Proof: Take three copies of $N$ without the input layer, $N_1, N_2, N_3$, and place them all parallel to each other. The new input layer will be the same as the input layer for $N$ and will be passed into each copy.

Then, add a new final layer that takes the output of each of the three copies and outputs the majority vote of the three outputs. This can be constructed in a single layer as

$$1 \cdot N_1(x) + 1 \cdot N_2(x) + 1 \cdot N_3(x) \geq \frac{3}{2}$$

which is equivalent to the majority vote since the output of any $N$ is always 1 or 0. Now, for any weight $w$ within $N_1$, $N_2$, or $N_3$, the gradient of the loss function with respect to $w$ is 0 since we can’t change the majority vote by changing only one of the three networks.

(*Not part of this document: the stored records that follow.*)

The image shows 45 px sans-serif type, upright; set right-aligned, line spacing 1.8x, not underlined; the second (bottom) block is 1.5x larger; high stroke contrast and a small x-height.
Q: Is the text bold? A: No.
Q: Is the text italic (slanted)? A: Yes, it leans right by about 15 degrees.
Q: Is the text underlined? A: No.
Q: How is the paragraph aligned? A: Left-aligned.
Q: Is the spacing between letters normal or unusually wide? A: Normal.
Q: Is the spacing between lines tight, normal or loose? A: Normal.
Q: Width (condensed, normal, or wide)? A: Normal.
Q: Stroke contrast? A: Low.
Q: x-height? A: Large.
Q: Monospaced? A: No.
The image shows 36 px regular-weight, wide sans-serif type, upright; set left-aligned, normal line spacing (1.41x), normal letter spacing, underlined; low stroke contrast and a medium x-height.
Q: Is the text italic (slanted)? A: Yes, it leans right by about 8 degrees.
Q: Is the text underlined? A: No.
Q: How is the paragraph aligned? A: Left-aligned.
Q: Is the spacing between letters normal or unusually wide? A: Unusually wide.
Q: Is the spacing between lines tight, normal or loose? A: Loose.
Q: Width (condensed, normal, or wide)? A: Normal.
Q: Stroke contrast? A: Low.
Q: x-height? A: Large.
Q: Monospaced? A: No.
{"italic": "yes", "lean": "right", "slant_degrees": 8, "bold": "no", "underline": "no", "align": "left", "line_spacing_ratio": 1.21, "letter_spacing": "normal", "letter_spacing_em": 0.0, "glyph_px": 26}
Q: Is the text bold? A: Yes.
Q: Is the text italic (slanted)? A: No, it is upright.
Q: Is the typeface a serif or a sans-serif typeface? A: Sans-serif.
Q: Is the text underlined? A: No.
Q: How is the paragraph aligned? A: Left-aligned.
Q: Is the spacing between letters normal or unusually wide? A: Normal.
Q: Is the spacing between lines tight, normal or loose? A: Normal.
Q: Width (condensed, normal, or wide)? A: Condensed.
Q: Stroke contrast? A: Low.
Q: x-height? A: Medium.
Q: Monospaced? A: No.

For the new final layer, changing the RHS to any value in $(0,3)$ will leave the majority vote unchanged, so the gradient is 0. Additionally, changing the coefficients on the LHS will to any value in $(\frac{1}{2}, \infty)$ will also leave the final output unchanged.

Thus, the gradient of the loss function with respect to any weight in $N'$ is 0.